I've added an option to CUPID:FINDCLUMPS to allow it to create an STC-S description (either polygonal or elliptical) for each clump it finds, and add them into the output clump catalogue. I've also modified KAPPA:LISTSHOW so that it can display the STC-S shapes over a displayed image. Below is an example. In the first image, the greyscale (and contours) are the data, and the red lines are the polygonal clump outlines. They overlap slightly in some cases because each polygon is only allowed to have up to 15 vertices, and so only approximates the clump pixel mask.



The next image is the corresponding pixel mask (each colour represents the pixels assigned to a single clump).

2009-06-03

Pipeline now generates thumbnails

The data reduction pipeline now automatically generates PNG thumbnails of rimg and rsp files. These thumbnails are generated in three different sizes, 64x64, 256x256, and 1024x1024. Exif information is also written to these thumbnails, embedding the RA, Dec, source name, orientation, and pixel scale. Only the astro: namespace is currently used (see this ROE page for more information).

Here's a (rather boring) example from last night:



In the near future they will be sent to CADC for automatic ingest.

2009-05-12

Pipeline running on CADC grid engine

Last week I (Tim J) visited CADC to work on integrating ORAC-DR into the CADC grid engine system.
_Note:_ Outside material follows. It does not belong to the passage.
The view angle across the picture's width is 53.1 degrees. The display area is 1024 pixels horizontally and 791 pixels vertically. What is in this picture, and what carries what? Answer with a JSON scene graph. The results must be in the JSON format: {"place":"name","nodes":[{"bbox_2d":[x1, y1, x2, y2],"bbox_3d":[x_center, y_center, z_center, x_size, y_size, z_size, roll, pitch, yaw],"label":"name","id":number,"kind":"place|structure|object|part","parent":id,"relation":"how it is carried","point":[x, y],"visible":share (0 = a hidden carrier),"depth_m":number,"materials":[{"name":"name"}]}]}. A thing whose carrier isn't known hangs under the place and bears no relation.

This involved making sure that the pipeline wrapper interfaced properly with CADC and that the data retrieval and data capture routines were given the correct inputs.
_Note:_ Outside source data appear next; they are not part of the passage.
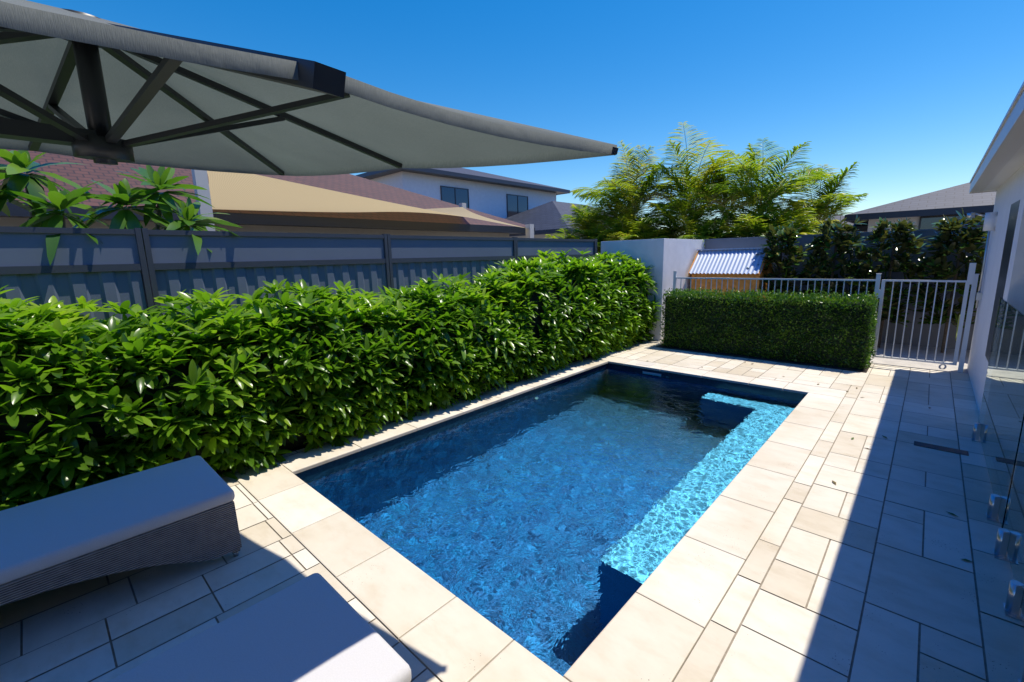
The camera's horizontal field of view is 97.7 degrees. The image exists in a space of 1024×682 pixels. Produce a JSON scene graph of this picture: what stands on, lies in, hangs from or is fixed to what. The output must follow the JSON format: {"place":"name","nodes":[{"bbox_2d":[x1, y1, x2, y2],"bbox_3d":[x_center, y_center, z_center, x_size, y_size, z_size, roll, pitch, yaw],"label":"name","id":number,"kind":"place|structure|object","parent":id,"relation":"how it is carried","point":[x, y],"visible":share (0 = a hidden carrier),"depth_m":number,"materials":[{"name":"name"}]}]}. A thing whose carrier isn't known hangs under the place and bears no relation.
{"place":"outdoors","nodes":[
{"label":"outdoors","id":0,"kind":"place"},
{"bbox_2d":[25,174,187,229],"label":"plant stems","id":1,"kind":"object","parent":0,"point":[158,213],"visible":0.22,"depth_m":3.87,"materials":[{"name":"brown plant"}]},
{"bbox_2d":[108,573,410,681],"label":"lounge cushion","id":2,"kind":"object","parent":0,"point":[315,627],"visible":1,"depth_m":1.51,"materials":[{"name":"grey fabric"}]},
{"bbox_2d":[0,149,534,237],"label":"house roof","id":3,"kind":"structure","parent":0,"point":[81,174],"depth_m":8.26,"materials":[{"name":"tile"}]},
{"bbox_2d":[221,339,642,473],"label":"garden bed soil","id":4,"kind":"structure","parent":0,"point":[292,449],"depth_m":4.25,"materials":[{"name":"brown soil"}]},
{"bbox_2d":[0,226,596,333],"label":"boundary fence","id":5,"kind":"object","parent":4,"relation":"on","point":[143,267],"visible":0.37,"depth_m":4.50,"materials":[{"name":"metal"}]},
{"bbox_2d":[27,0,1023,236],"label":"sky","id":6,"kind":"structure","parent":0,"point":[914,93],"materials":[{"name":"blue"}]},
{"bbox_2d":[601,238,704,340],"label":"rendered pier","id":7,"kind":"structure","parent":0,"point":[666,257],"depth_m":8.89,"materials":[{"name":"white paint"}]},
{"bbox_2d":[819,182,995,232],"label":"neighbour house","id":8,"kind":"structure","parent":0,"point":[925,211],"depth_m":11.72,"materials":[{"name":"grey tile"}]},
{"label":"ground","id":9,"kind":"structure","parent":0,"visible":0},
{"bbox_2d":[0,149,242,264],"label":"frangipani tree leaves","id":10,"kind":"object","parent":9,"relation":"on","point":[16,180],"visible":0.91,"depth_m":4.05,"materials":[{"name":"green plant"}]},
{"bbox_2d":[0,248,660,510],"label":"hedge","id":11,"kind":"object","parent":9,"relation":"on","point":[149,343],"visible":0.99,"depth_m":3.84,"materials":[{"name":"green plant"}]},
{"bbox_2d":[191,169,533,237],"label":"sail posts","id":12,"kind":"object","parent":9,"relation":"on","point":[200,178],"visible":0.18,"depth_m":5.47,"materials":[{"name":"grey metal"}]},
{"bbox_2d":[207,171,523,227],"bbox_3d":[-2.544,-2.457,8.347,2.600,0.700,6.400,8,14,42],"label":"shade sail","id":13,"kind":"object","parent":12,"relation":"attached to","point":[235,191],"visible":0.81,"depth_m":6.90,"materials":[{"name":"beige fabric"}]},
{"bbox_2d":[355,168,656,238],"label":"neighbouring house","id":14,"kind":"structure","parent":9,"relation":"on","point":[540,208],"depth_m":20.10,"materials":[{"name":"white paint"}]},
{"bbox_2d":[0,340,1023,681],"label":"paving joints","id":15,"kind":"object","parent":9,"relation":"on","point":[982,646],"visible":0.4,"depth_m":2.40,"materials":[{"name":"grey concrete"}]},
{"bbox_2d":[0,339,1023,681],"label":"paving tiles","id":16,"kind":"object","parent":15,"relation":"on","point":[914,587],"visible":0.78,"depth_m":2.38,"materials":[{"name":"stone"}]},
{"bbox_2d":[0,501,241,605],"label":"sun lounger base","id":17,"kind":"object","parent":16,"relation":"on","point":[211,534],"visible":0.41,"depth_m":2.33,"materials":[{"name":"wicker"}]},
{"bbox_2d":[0,456,234,584],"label":"lounge cushion","id":18,"kind":"object","parent":17,"relation":"on","point":[40,535],"visible":1,"depth_m":2.39,"materials":[{"name":"grey fabric"}]},
{"bbox_2d":[0,8,617,174],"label":"umbrella frame","id":19,"kind":"object","parent":16,"relation":"on","point":[99,140],"visible":0.69,"depth_m":1.57,"materials":[{"name":"black metal"}]},
{"bbox_2d":[0,0,616,175],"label":"umbrella canopy","id":20,"kind":"object","parent":19,"relation":"attached to","point":[406,132],"visible":0.8,"depth_m":1.88,"materials":[{"name":"grey fabric"}]},
{"bbox_2d":[655,344,870,372],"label":"bed soil","id":21,"kind":"structure","parent":16,"relation":"on","point":[865,370],"depth_m":7.06,"materials":[{"name":"brown soil"}]},
{"bbox_2d":[659,287,878,369],"bbox_3d":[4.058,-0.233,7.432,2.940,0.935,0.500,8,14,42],"label":"hedge","id":22,"kind":"object","parent":21,"relation":"on","point":[788,349],"visible":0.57,"depth_m":7.03,"materials":[{"name":"green plant"}]},
{"bbox_2d":[702,363,971,561],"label":"fallen leaves","id":23,"kind":"object","parent":16,"relation":"on","point":[834,482],"visible":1,"depth_m":3.31,"materials":[{"name":"brown plant"}]},
{"bbox_2d":[914,441,968,455],"bbox_3d":[3.677,0.919,3.838,0.340,0.003,0.110,8,14,42],"label":"drain grate","id":24,"kind":"object","parent":16,"relation":"on","point":[942,448],"visible":1,"depth_m":3.83,"materials":[{"name":"grey metal"}]},
{"bbox_2d":[971,422,1023,681],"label":"glass fence spigots","id":25,"kind":"object","parent":16,"relation":"on","point":[1012,605],"visible":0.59,"depth_m":2.46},
{"bbox_2d":[978,297,1023,619],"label":"glass fence panels","id":26,"kind":"object","parent":16,"relation":"on","point":[1001,418],"visible":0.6,"depth_m":2.93,"materials":[{"name":"clear glass"}]},
{"bbox_2d":[235,355,847,681],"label":"pool coping","id":27,"kind":"object","parent":15,"relation":"on","point":[653,629],"visible":0.89,"depth_m":2.50,"materials":[{"name":"beige stone"}]},
{"bbox_2d":[636,361,655,365],"bbox_3d":[2.107,0.359,7.055,0.240,0.002,0.210,8,14,42],"label":"skimmer lid","id":28,"kind":"object","parent":27,"relation":"in","point":[645,363],"visible":1,"depth_m":7.06,"materials":[{"name":"beige"}]},
{"bbox_2d":[294,363,806,477],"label":"tiles","id":29,"kind":"object","parent":9,"relation":"in","point":[389,443],"visible":0.06,"depth_m":5.56,"materials":[{"name":"blue tile"}]},
{"bbox_2d":[300,366,802,675],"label":"pool water","id":30,"kind":"structure","parent":29,"relation":"in","point":[552,526],"depth_m":3.50,"materials":[{"name":"blue liquid"}]},
{"bbox_2d":[564,125,851,247],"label":"palm trunks and rachis","id":31,"kind":"object","parent":9,"relation":"on","point":[634,213],"visible":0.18,"depth_m":11.62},
{"bbox_2d":[545,121,868,253],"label":"palm fronds","id":32,"kind":"object","parent":31,"relation":"attached to","point":[710,187],"visible":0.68,"depth_m":11.30,"materials":[{"name":"green plant"}]},
{"bbox_2d":[870,343,969,373],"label":"paving","id":33,"kind":"structure","parent":9,"relation":"on","point":[949,355],"depth_m":7.03,"materials":[{"name":"beige stone"}]},
{"bbox_2d":[688,247,773,292],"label":"cubby house","id":34,"kind":"structure","parent":33,"relation":"on","point":[725,263],"depth_m":9.03,"materials":[{"name":"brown wood"}]},
{"bbox_2d":[673,271,978,372],"bbox_3d":[4.658,-0.461,7.388,4.120,1.368,0.060,8,14,42],"label":"pool fence","id":35,"kind":"object","parent":33,"relation":"on","point":[967,322],"visible":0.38,"depth_m":6.76,"materials":[{"name":"white metal"}]},
{"bbox_2d":[872,263,975,365],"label":"pool gate","id":36,"kind":"structure","parent":35,"relation":"attached to","point":[971,274],"depth_m":6.29,"materials":[{"name":"white metal"}]},
{"bbox_2d":[704,227,987,349],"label":"wall","id":37,"kind":"structure","parent":33,"relation":"on","point":[750,242],"depth_m":7.93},
{"bbox_2d":[747,209,987,327],"bbox_3d":[6.409,-1.229,7.582,4.524,1.912,1.154,8,14,42],"label":"magnolia foliage","id":38,"kind":"object","parent":33,"relation":"on","point":[938,264],"visible":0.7,"depth_m":7.48,"materials":[{"name":"green plant"}]},
{"bbox_2d":[776,244,961,352],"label":"magnolia trunks","id":39,"kind":"object","parent":33,"relation":"on","point":[948,314],"visible":0.31,"depth_m":7.48,"materials":[{"name":"brown plant"}]},
{"bbox_2d":[967,82,1023,414],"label":"house","id":40,"kind":"structure","parent":9,"relation":"on","point":[999,171],"depth_m":4.47,"materials":[{"name":"painted render"},{"name":"painted metal"},{"name":"glass"}]},
{"bbox_2d":[955,315,959,340],"bbox_3d":[6.406,-0.188,6.419,0.022,0.385,0.386,8,14,42],"label":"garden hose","id":41,"kind":"object","parent":40,"relation":"attached to","point":[957,327],"visible":0.48,"depth_m":6.50,"materials":[{"name":"green rubber"}]},
{"bbox_2d":[966,212,990,307],"bbox_3d":[6.022,-1.052,5.835,0.258,1.231,0.080,8,14,42],"label":"outdoor shower","id":42,"kind":"object","parent":40,"relation":"attached to","point":[979,292],"visible":0.82,"depth_m":5.78,"materials":[{"name":"silver metal"}]},
{"bbox_2d":[983,212,997,230],"bbox_3d":[5.899,-1.472,5.515,0.107,0.220,0.110,8,14,42],"label":"wall light","id":43,"kind":"object","parent":40,"relation":"attached to","point":[990,219],"visible":0.97,"depth_m":5.48,"materials":[{"name":"white"}]}
]}

On Wednesday 6th May we were successful in running four jobs in parallel on the compute cluster. This is a terrific result and leads the way to being able to do the night processing on CADC in short order and then to follow up with processing of project coadds. In the next few weeks I will be working on the code that will query the data archive and submit job requests to grid engine.

It also means that in principal survey teams could request that jobs be submitted to grid engine to make use of the processing nodes.

2009-05-11

CADC network outage

CADC and therefore JCMT data retrievals will be off the air on Wednesday afternoon (HST) due to scheduled network maintenance. If you are having trouble getting through, just try again later.